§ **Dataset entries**
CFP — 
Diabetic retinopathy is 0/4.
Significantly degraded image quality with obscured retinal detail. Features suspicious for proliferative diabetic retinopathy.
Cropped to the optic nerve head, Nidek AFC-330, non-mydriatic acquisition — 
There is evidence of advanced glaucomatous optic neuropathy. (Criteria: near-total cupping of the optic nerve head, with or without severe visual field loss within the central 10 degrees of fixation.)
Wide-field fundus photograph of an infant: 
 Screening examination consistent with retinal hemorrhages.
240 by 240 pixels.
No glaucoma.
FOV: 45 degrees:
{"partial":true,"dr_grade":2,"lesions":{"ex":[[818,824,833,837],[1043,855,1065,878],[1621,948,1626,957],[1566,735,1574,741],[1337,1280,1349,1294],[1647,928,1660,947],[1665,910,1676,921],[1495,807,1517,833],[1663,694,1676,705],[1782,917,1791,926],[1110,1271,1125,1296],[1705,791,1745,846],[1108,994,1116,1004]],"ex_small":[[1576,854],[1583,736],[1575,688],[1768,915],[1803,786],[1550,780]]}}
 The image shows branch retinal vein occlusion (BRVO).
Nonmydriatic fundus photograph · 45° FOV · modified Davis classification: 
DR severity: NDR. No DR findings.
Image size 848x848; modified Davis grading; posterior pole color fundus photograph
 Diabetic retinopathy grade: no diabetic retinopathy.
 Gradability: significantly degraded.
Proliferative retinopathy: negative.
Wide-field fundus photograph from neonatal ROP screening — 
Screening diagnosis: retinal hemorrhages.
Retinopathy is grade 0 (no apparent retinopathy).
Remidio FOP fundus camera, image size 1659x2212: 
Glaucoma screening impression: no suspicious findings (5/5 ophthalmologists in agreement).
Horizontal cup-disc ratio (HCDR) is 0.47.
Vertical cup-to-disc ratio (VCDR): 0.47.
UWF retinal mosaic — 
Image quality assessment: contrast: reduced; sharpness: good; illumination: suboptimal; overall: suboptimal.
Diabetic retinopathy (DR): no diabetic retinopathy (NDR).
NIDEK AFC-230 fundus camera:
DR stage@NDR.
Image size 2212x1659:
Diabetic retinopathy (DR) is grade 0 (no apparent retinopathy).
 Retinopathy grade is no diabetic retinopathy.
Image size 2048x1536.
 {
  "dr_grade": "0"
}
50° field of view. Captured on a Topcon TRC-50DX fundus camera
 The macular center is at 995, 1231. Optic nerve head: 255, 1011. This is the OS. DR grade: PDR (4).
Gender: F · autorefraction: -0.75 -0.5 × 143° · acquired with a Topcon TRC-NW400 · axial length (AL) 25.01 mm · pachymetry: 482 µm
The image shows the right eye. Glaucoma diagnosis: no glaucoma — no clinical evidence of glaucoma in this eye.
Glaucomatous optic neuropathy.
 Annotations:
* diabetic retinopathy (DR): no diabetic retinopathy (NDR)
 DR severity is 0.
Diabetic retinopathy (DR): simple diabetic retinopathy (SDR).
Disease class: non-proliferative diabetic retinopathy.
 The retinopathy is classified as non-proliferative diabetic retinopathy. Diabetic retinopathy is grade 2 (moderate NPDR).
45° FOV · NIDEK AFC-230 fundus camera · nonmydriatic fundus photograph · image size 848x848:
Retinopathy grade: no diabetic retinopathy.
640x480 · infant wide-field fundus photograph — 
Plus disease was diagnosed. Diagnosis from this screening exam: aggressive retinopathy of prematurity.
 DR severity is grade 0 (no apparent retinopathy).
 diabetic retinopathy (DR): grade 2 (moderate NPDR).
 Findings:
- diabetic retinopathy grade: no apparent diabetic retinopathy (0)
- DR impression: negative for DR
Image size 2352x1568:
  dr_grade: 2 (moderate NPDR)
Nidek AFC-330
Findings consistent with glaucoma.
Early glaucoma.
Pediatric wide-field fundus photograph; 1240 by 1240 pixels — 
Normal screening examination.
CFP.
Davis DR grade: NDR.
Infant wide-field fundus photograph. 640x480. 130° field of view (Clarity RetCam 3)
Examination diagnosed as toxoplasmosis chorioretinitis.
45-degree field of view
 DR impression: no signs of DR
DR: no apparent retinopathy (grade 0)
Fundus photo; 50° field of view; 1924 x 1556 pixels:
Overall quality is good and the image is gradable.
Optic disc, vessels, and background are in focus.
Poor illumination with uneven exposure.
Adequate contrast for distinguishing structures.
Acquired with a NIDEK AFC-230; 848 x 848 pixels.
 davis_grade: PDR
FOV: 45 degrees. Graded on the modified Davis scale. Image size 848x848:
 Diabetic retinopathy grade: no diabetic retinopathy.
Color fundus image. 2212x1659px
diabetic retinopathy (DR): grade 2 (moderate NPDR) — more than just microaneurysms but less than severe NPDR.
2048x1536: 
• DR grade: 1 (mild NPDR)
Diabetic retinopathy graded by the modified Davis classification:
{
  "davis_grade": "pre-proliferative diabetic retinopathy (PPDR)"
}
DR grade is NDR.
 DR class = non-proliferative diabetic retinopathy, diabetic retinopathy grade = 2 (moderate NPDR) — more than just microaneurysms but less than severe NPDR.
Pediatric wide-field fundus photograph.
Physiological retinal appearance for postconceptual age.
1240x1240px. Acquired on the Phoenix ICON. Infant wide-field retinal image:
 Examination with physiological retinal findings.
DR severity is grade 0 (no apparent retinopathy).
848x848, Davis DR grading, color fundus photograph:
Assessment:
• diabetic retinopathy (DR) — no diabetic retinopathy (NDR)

§ **EXERCISE**
Take the entries above and repeat them. Alter nothing.

§ **RESULT FOR THIS EXERCISE**
CFP — 
Diabetic retinopathy is 0/4.
Significantly degraded image quality with obscured retinal detail. Features suspicious for proliferative diabetic retinopathy.
Cropped to the optic nerve head, Nidek AFC-330, non-mydriatic acquisition — 
There is evidence of advanced glaucomatous optic neuropathy. (Criteria: near-total cupping of the optic nerve head, with or without severe visual field loss within the central 10 degrees of fixation.)
Wide-field fundus photograph of an infant: 
 Screening examination consistent with retinal hemorrhages.
240 by 240 pixels.
No glaucoma.
FOV: 45 degrees:
{"partial":true,"dr_grade":2,"lesions":{"ex":[[818,824,833,837],[1043,855,1065,878],[1621,948,1626,957],[1566,735,1574,741],[1337,1280,1349,1294],[1647,928,1660,947],[1665,910,1676,921],[1495,807,1517,833],[1663,694,1676,705],[1782,917,1791,926],[1110,1271,1125,1296],[1705,791,1745,846],[1108,994,1116,1004]],"ex_small":[[1576,854],[1583,736],[1575,688],[1768,915],[1803,786],[1550,780]]}}
 The image shows branch retinal vein occlusion (BRVO).
Nonmydriatic fundus photograph · 45° FOV · modified Davis classification: 
DR severity: NDR. No DR findings.
Image size 848x848; modified Davis grading; posterior pole color fundus photograph
 Diabetic retinopathy grade: no diabetic retinopathy.
 Gradability: significantly degraded.
Proliferative retinopathy: negative.
Wide-field fundus photograph from neonatal ROP screening — 
Screening diagnosis: retinal hemorrhages.
Retinopathy is grade 0 (no apparent retinopathy).
Remidio FOP fundus camera, image size 1659x2212: 
Glaucoma screening impression: no suspicious findings (5/5 ophthalmologists in agreement).
Horizontal cup-disc ratio (HCDR) is 0.47.
Vertical cup-to-disc ratio (VCDR): 0.47.
UWF retinal mosaic — 
Image quality assessment: contrast: reduced; sharpness: good; illumination: suboptimal; overall: suboptimal.
Diabetic retinopathy (DR): no diabetic retinopathy (NDR).
NIDEK AFC-230 fundus camera:
DR stage@NDR.
Image size 2212x1659:
Diabetic retinopathy (DR) is grade 0 (no apparent retinopathy).
 Retinopathy grade is no diabetic retinopathy.
Image size 2048x1536.
 {
  "dr_grade": "0"
}
50° field of view. Captured on a Topcon TRC-50DX fundus camera
 The macular center is at 995, 1231. Optic nerve head: 255, 1011. This is the OS. DR grade: PDR (4).
Gender: F · autorefraction: -0.75 -0.5 × 143° · acquired with a Topcon TRC-NW400 · axial length (AL) 25.01 mm · pachymetry: 482 µm
The image shows the right eye. Glaucoma diagnosis: no glaucoma — no clinical evidence of glaucoma in this eye.
Glaucomatous optic neuropathy.
 Annotations:
* diabetic retinopathy (DR): no diabetic retinopathy (NDR)
 DR severity is 0.
Diabetic retinopathy (DR): simple diabetic retinopathy (SDR).
Disease class: non-proliferative diabetic retinopathy.
 The retinopathy is classified as non-proliferative diabetic retinopathy. Diabetic retinopathy is grade 2 (moderate NPDR).
45° FOV · NIDEK AFC-230 fundus camera · nonmydriatic fundus photograph · image size 848x848:
Retinopathy grade: no diabetic retinopathy.
640x480 · infant wide-field fundus photograph — 
Plus disease was diagnosed. Diagnosis from this screening exam: aggressive retinopathy of prematurity.
 DR severity is grade 0 (no apparent retinopathy).
 diabetic retinopathy (DR): grade 2 (moderate NPDR).
 Findings:
- diabetic retinopathy grade: no apparent diabetic retinopathy (0)
- DR impression: negative for DR
Image size 2352x1568:
  dr_grade: 2 (moderate NPDR)
Nidek AFC-330
Findings consistent with glaucoma.
Early glaucoma.
Pediatric wide-field fundus photograph; 1240 by 1240 pixels — 
Normal screening examination.
CFP.
Davis DR grade: NDR.
Infant wide-field fundus photograph. 640x480. 130° field of view (Clarity RetCam 3)
Examination diagnosed as toxoplasmosis chorioretinitis.
45-degree field of view
 DR impression: no signs of DR
DR: no apparent retinopathy (grade 0)
Fundus photo; 50° field of view; 1924 x 1556 pixels:
Overall quality is good and the image is gradable.
Optic disc, vessels, and background are in focus.
Poor illumination with uneven exposure.
Adequate contrast for distinguishing structures.
Acquired with a NIDEK AFC-230; 848 x 848 pixels.
 davis_grade: PDR
FOV: 45 degrees. Graded on the modified Davis scale. Image size 848x848:
 Diabetic retinopathy grade: no diabetic retinopathy.
Color fundus image. 2212x1659px
diabetic retinopathy (DR): grade 2 (moderate NPDR) — more than just microaneurysms but less than severe NPDR.
2048x1536: 
• DR grade: 1 (mild NPDR)
Diabetic retinopathy graded by the modified Davis classification:
{
  "davis_grade": "pre-proliferative diabetic retinopathy (PPDR)"
}
DR grade is NDR.
 DR class = non-proliferative diabetic retinopathy, diabetic retinopathy grade = 2 (moderate NPDR) — more than just microaneurysms but less than severe NPDR.
Pediatric wide-field fundus photograph.
Physiological retinal appearance for postconceptual age.
1240x1240px. Acquired on the Phoenix ICON. Infant wide-field retinal image:
 Examination with physiological retinal findings.
DR severity is grade 0 (no apparent retinopathy).
848x848, Davis DR grading, color fundus photograph:
Assessment:
• diabetic retinopathy (DR) — no diabetic retinopathy (NDR)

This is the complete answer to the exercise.